Similarly to the optical case, we are presenting in Figure 5 the whole evolution of the resonance location for a TnP with a complete twist angle (360 deg.). As already indicated in Figure 4, we can see that the lowest energy resonances for the untwisted geometry (inset (c) of Figure 4) appear for 4.6 GHz and 5.5 GHz and evolve towards lower energies as the twist angle increases. One relevant aspect that can be extracted from this figure is that, although the resonances always evolve towards a lower energy value, there is a change in the trend. Initially, the frequency decreases roughly as 1/L as expected to fit with the increase of helix lenght (see Equation 2). However, this trend changes at $\alpha \sim 120$ deg.. To shed some light into the change in slope, we refer to the features depicted in the insets (a) and (b) in Figure 5, showing the geometry for twist angles of 360 degrees and 120 degrees respectively. If the structure were made by a single, isolated lobe, at one full loop ($\alpha$=360 deg.) the height of the TnP would match the pitch of the helix, and that would be the first occasion in which one lobe in the base would have another one exactly above. However, our structure is made of three lobes, and Figure 5a, resembles a much more twisted structure, not surprisingly it appears to have three twists. In fact, as seen in Figure 5b, it is at one third of a twist ($\alpha =120$ deg.) when a lobe of the base have another one above. It is then when two effects compete: the resonance trend to decrease in energy due to the growth of L against the resistance due to the upper and lower branches of the TnP.

Eventually, for a very twisted geometry, the resonance should converge to that of a disk shape with a twisted void geometry inside, so compressed that the variation of the angle should have a negligible effect.

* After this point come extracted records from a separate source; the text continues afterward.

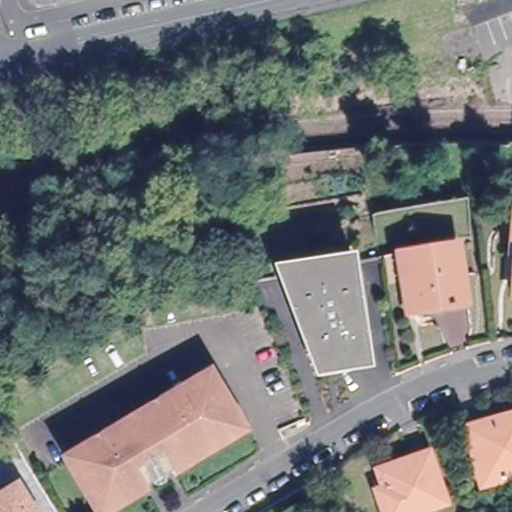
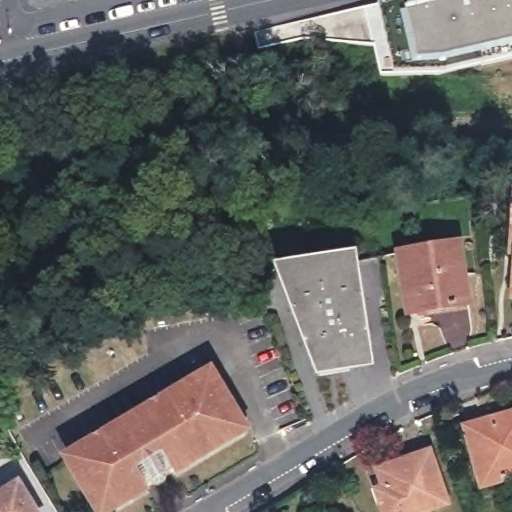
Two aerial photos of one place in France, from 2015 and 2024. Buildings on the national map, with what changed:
new [(512,0),(512,68),(443,84),(394,85),(378,15),(442,0),(512,0)]
unchanged [(407,310),(399,250),(458,242),(466,302),(407,310)]
unchanged [(368,361),(314,369),(277,275),(354,262),(368,361)]
unchanged [(164,478),(163,481),(162,483),(160,485),(157,487),(154,487),(151,487),(149,485),(145,488),(105,512),(97,512),(65,458),(208,373),(242,430),(170,473),(164,476),(164,478)]
unchanged [(478,484),(462,428),(493,419),(512,413),(512,474),(478,484)]
unchanged [(383,488),(376,471),(425,452),(445,502),(419,512),(385,512),(381,503),(376,491),(383,488)]
unchanged [(35,512),(0,512),(0,496),(18,485),(35,512)]

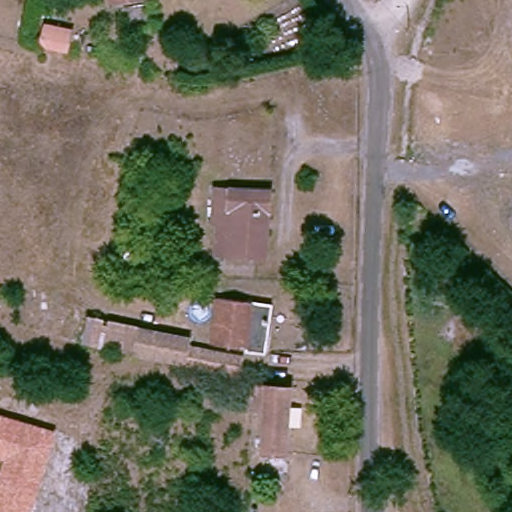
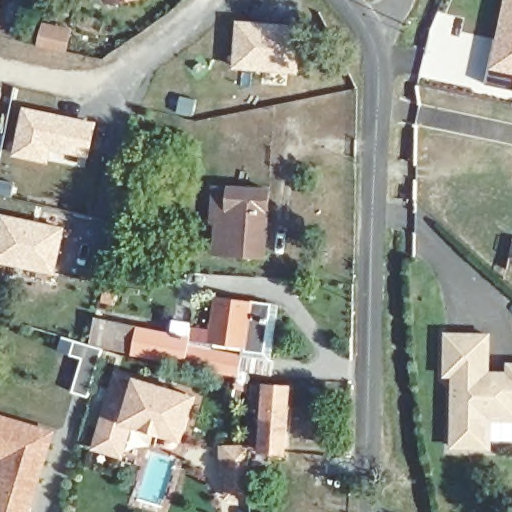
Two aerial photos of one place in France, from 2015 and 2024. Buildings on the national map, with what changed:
unchanged [(153,1),(118,8),(117,0),(152,0),(153,1)]
new [(486,83),(489,69),(504,0),(512,0),(512,89),(486,83)]
unchanged [(46,42),(26,37),(21,36),(28,13),(34,13),(53,18),(46,42)]
new [(235,19),(302,25),(298,74),(231,68),(235,19)]
new [(22,105),(97,121),(89,159),(53,152),(49,163),(11,154),(22,105)]
unchanged [(264,253),(220,249),(224,220),(210,218),(215,184),(271,190),(264,253)]
new [(55,275),(0,264),(0,212),(65,225),(55,275)]
unchanged [(248,353),(244,348),(209,344),(213,303),(261,308),(272,309),(269,322),(266,355),(248,353)]
unchanged [(133,352),(93,343),(99,316),(138,325),(133,352)]
unchanged [(240,360),(235,378),(189,366),(133,352),(138,325),(189,335),(189,347),(240,360)]
new [(451,448),(451,378),(444,377),(444,332),(490,333),(491,371),(506,372),(506,362),(512,363),(512,422),(491,421),(492,449),(451,448)]
new [(91,449),(116,371),(134,377),(195,395),(183,441),(131,426),(123,458),(91,449)]
unchanged [(288,458),(265,456),(268,412),(256,410),(257,386),(270,386),(292,389),(288,458)]
unchanged [(0,415),(57,432),(30,512),(3,512),(0,511),(0,471),(4,459),(0,458),(0,415)]
new [(225,499),(224,471),(221,471),(219,445),(249,444),(250,498),(225,499)]

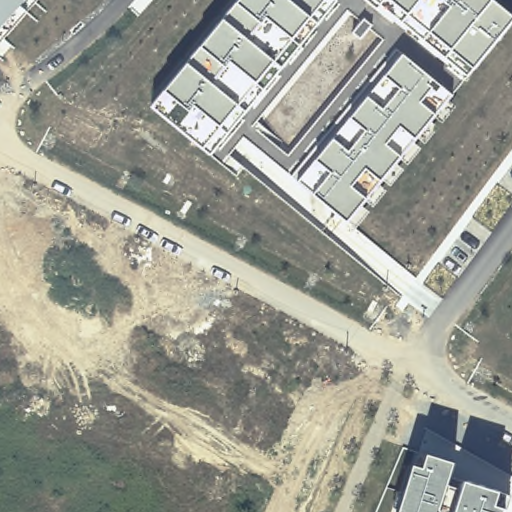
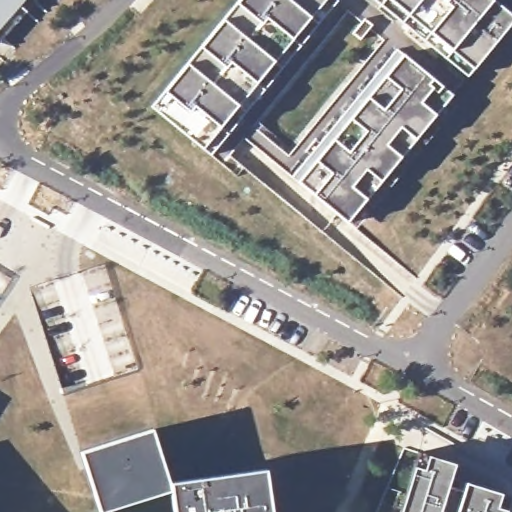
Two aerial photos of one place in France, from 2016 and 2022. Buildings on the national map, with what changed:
unchanged [(0,0),(35,0),(0,40),(0,0)]
unchanged [(210,152),(204,148),(153,105),(165,89),(239,0),(335,0),(210,152)]
unchanged [(472,68),(466,75),(375,0),(494,0),(512,14),(512,20),(472,68)]
unchanged [(434,113),(415,138),(400,155),(379,180),(365,198),(348,220),(314,195),(298,183),(314,163),(334,139),(350,119),(368,97),(384,77),(402,52),(441,85),(452,94),(434,113)]
new [(152,429),(169,481),(264,469),(271,512),(173,512),(169,490),(106,509),(109,512),(99,512),(79,452),(152,429)]
unchanged [(504,507),(503,512),(398,512),(413,464),(423,467),(428,454),(455,463),(449,478),(466,481),(498,491),(509,494),(504,507)]
new [(169,490),(173,512),(109,512),(106,509),(169,490)]

3. Discussion and Conclusions

Understanding the origin of these optical and acoustic modes is essential to actually use them in optomechanical systems, where the helicity of light can be use as a design parameter. Towards that end, in this work we have presented a complete study of the optical and acoustic properties of a three-lobed twisted toroidal nanoscale propeller-like structure. The presence of the twist in the TnP is indicated by a red-shift in both its optical and acoustic resonances. This red-shift occurs because the wavelength couples with the effective length of the generative helix, which varies with the twist angle of the TnP. Consequently, the twist angle acts as a tuning structural parameter that influences the nature, intensity (which depends on helicity), and spectral positions of the optical and acoustic resonances. Additionally, the twist present in the TnP leads to new low frequency resonant acoustic modes that are not present in the spectrum of an equivalent untwisted structure. These new acoustic modes appearing at non-zero twisting angles enable a new knob in the engineering of opto-phononic interactions at the nanoscale.